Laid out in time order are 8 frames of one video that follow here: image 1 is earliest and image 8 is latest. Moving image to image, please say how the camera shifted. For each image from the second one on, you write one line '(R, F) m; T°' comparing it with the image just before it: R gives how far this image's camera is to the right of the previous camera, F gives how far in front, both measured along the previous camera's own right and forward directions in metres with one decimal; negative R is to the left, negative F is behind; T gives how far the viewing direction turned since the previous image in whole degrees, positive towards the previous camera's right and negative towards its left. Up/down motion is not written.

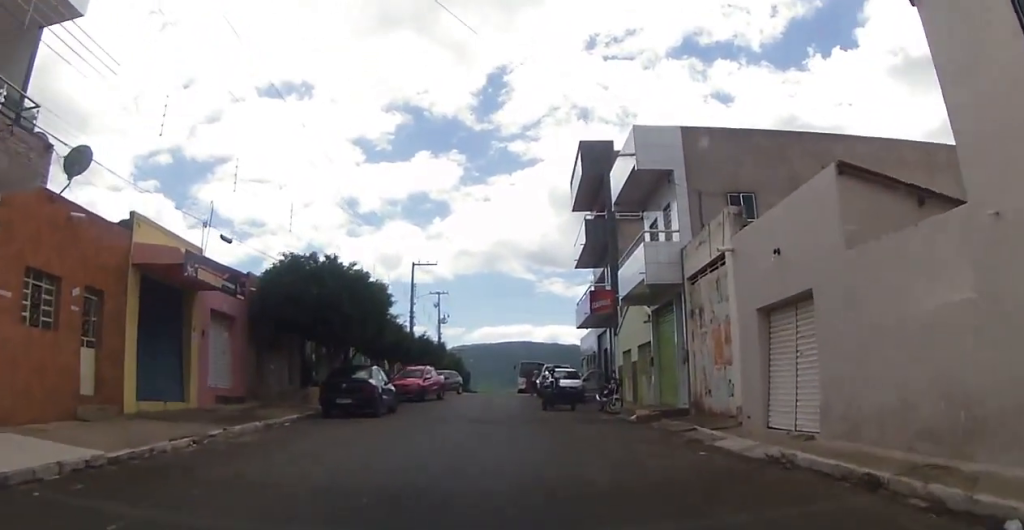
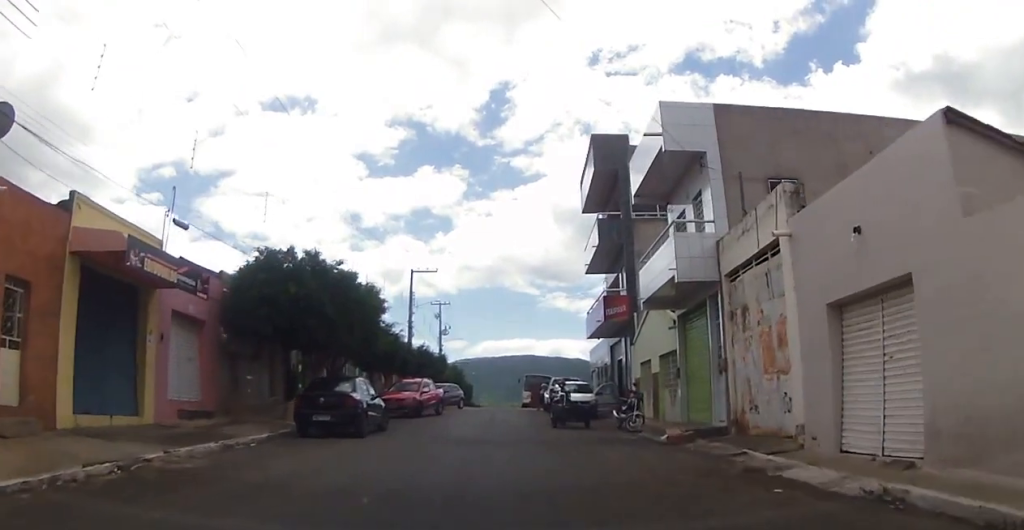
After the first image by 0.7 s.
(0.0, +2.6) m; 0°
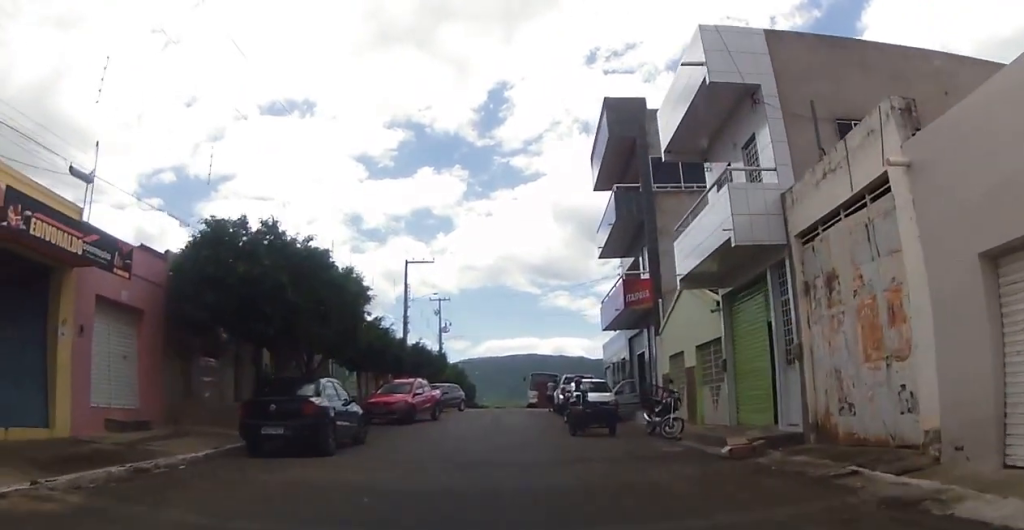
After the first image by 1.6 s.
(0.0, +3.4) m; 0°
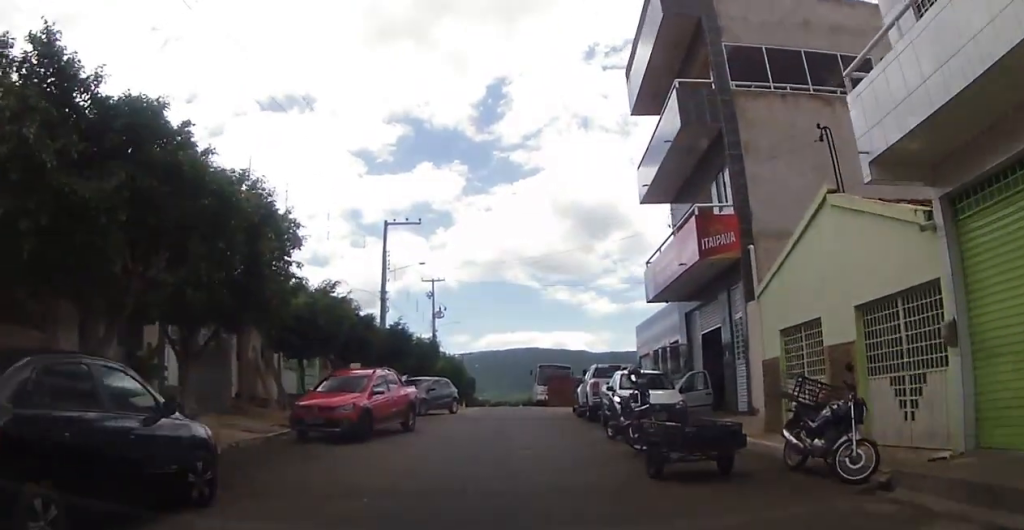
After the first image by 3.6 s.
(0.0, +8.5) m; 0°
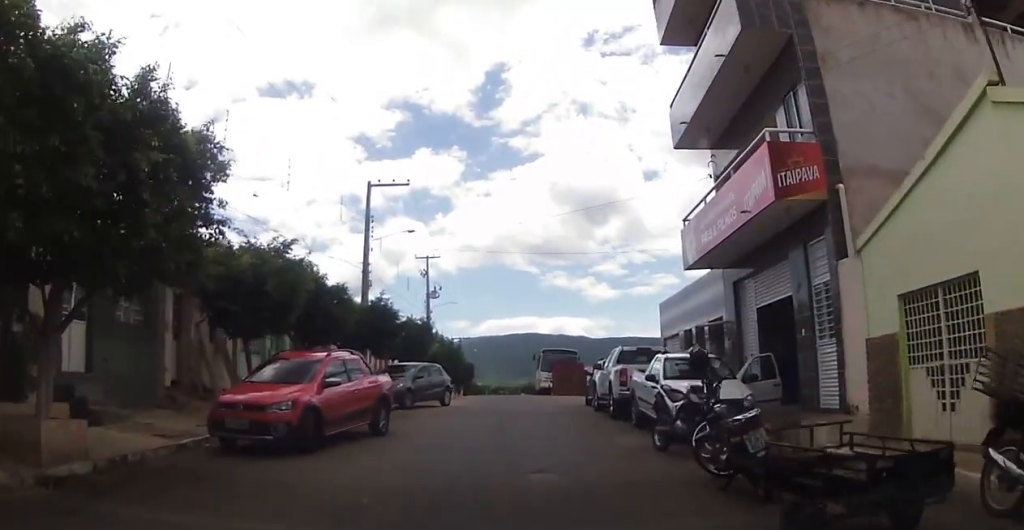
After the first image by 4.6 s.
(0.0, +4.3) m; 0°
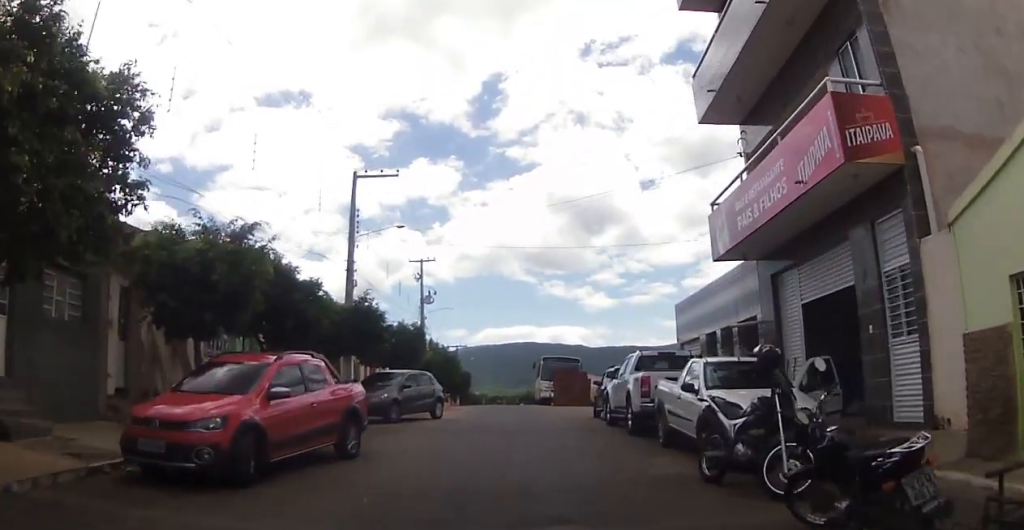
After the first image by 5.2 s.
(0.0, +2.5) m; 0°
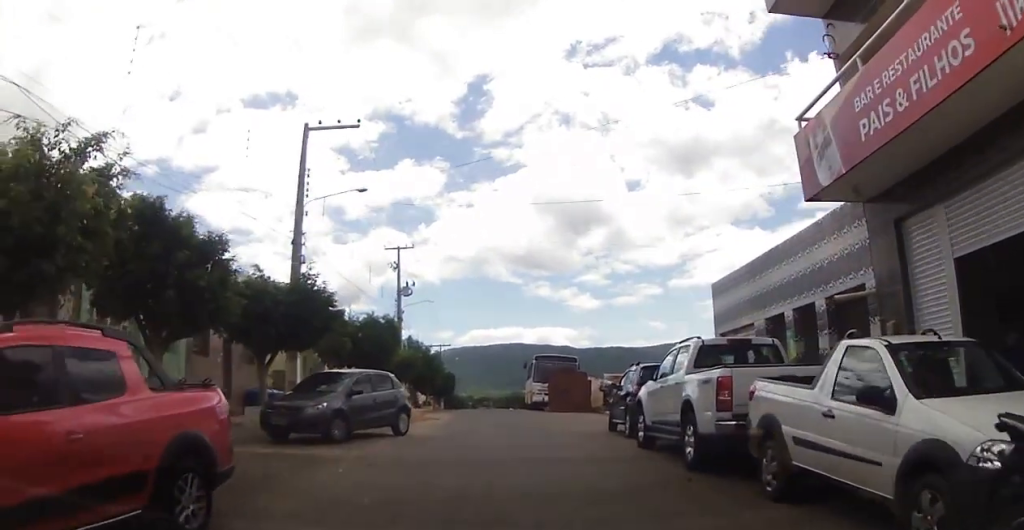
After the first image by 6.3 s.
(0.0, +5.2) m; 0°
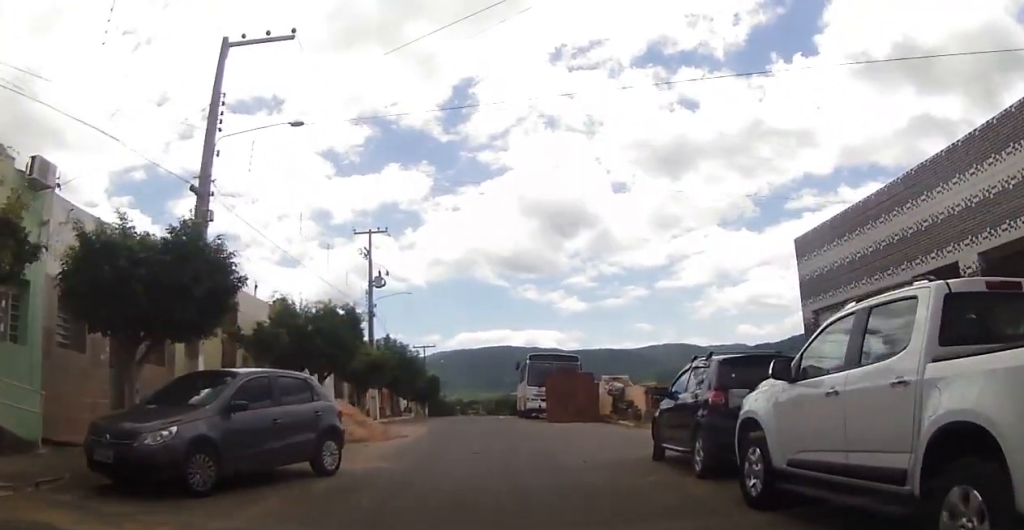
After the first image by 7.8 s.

-.-.-

### Exercise directions
Please retype exactly the lines from the line containing "After the first image by 1.6 s." through the final line of the records above, inclusive, leaving out any pictures.

### Completed task
After the first image by 1.6 s.
(0.0, +3.4) m; 0°
After the first image by 3.6 s.
(0.0, +8.5) m; 0°
After the first image by 4.6 s.
(0.0, +4.3) m; 0°
After the first image by 5.2 s.
(0.0, +2.5) m; 0°
After the first image by 6.3 s.
(0.0, +5.2) m; 0°
After the first image by 7.8 s.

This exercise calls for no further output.